See that crazy picture up top? I received five tiny boxes each containing four 20cl samples of different Alsace wines. I also got to sign up for one-on-one tasting sessions with producers and while I was only successful at scheduling one of these (oh, Safari … oh, technology … don’t get me started), I’m here to drop some knowledge about the wine of this glorious region, because if you like white wines, you want to find yourself some wines from Alsace, stat!

First, let’s get oriented. I always like maps so I have some geographical context about where in the where these wines come from. As you can see, Alsace is in the far eastern part of France, sort of butting up against Germany.

It’s a cold climate region (hence the zingy acidity you get in the wines) that cuts a 60-mile path north-to-south. It’s smushed in between the Vosges Mountains to the west and the Rhine River to the east. The Vosges Mountains block the rain and make the region really sunny.

Let’s talk grapes. The big daddy is Riesling, followed by Gewurztraminer, Pinot Gris, Muscat and Pinot blanc.

Let’s talk appellations. There are three types: Alsace AOC is the beginning tier, then you move up to Alsace Grand Cru and then Crémant d’Alsace (bubbles!)

I’m gonna say that if you like Sauvignon Blanc (a high-acid white), Pinot Grigio (same, with different flavors), Chablis (unoaked Chardonnay from Bourgogne), you are going to love the white wines of Alsace.

Dry Riesling Rules!

I’ll say it: not all Riesling is sweet! Riesling – whether it is from Alsace (mmmmm, yummy), New York’s Finger Lakes region, far northern Michigan, Germany or anywhere else – can be gloriously dry and delicious!
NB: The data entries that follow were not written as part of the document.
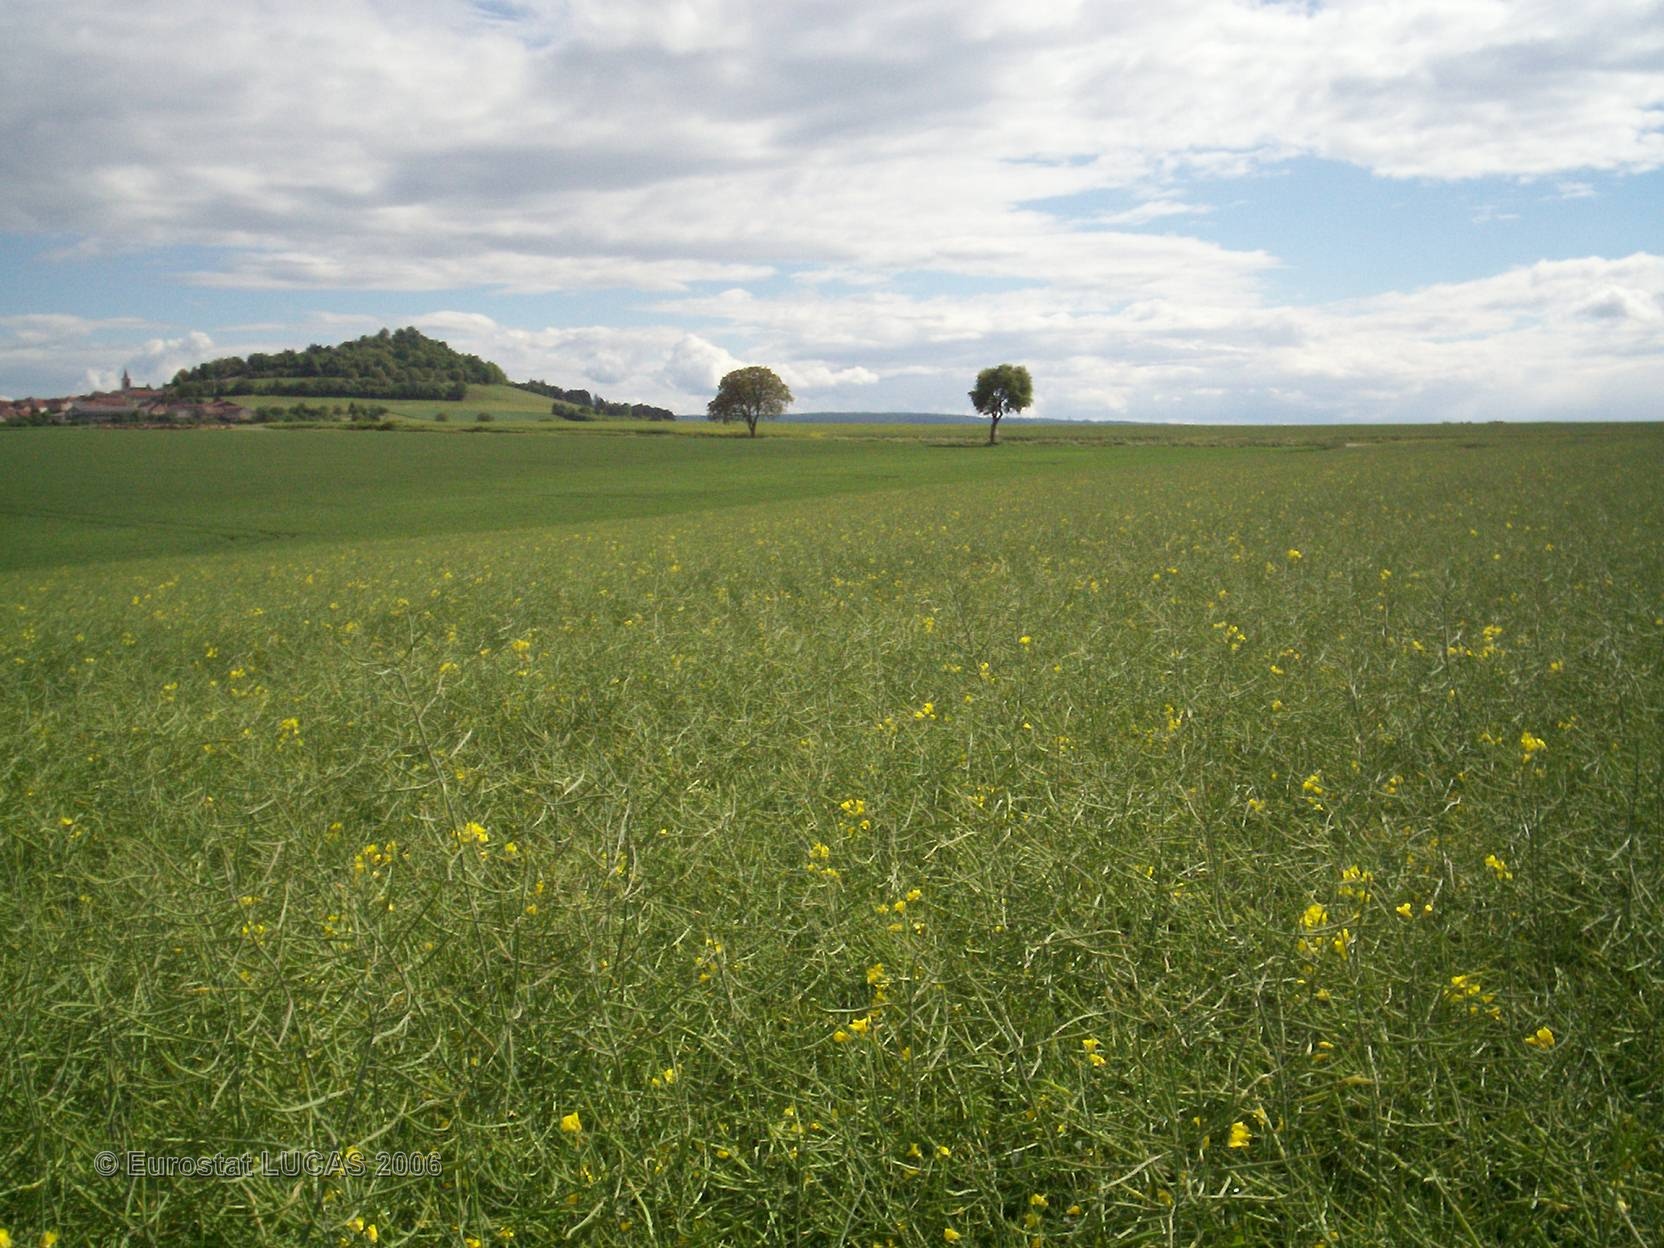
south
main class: Cropland
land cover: Rape and turnip rape
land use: Agriculture (excluding fallow land and kitchen gardens)
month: May
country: FR
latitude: 47.5519
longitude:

Forever – literally – since dinosaur times – Riesling has suffered a perception problem and I’m gonna go ahead and blame Blue Nun. Who remembers this brand? Very sweet, very German Riesling that attained popularity in the U.S. in the 1970s, just when Americans were starting to discover and drink wines. And Americans came to associate Riesling with sweet. GET OVER THAT!

Not all Riesling is sweet. I would even say that MOST Riesling is dry, not sweet. Okay, that’s the end of my Riesling rant – but please – if you take only one thing from this post, let it be that not all Riesling is sweet! Okay, moving on.

Now I think it would be crackers to talk about each and every wine that I tasted in my little boxes because that’s going to get really tedious. And look at these three beauties that I just received and haven’t had a chance to taste yet! (I’m cracking into one of them tonight with Cozy Noodle’s Rama Special Chicken, though).

And I hate to say it: I’m not clear on U.S. availability of any of these – except Maurice Schoech and Wolfberger – but I encourage you to ask your wine shop person about them. All three of the wines you see above though are widely available and you should drink them, because they are delicious!

As predicted, I got Thai take-out and the Mélanie Pfister berg Riesling 2019 ($25) was a DREAM! This is chicken with salty, spicy peanut sauce and broccoli (some people would call it boring, but I love it). The wine is a DRY Riesling that is super aromatic with that trademark, subtle petrol note and then a tidal wave of all sorts of apples, honey and a lemony explosion. It’s super dry but full-bodied and so, so good.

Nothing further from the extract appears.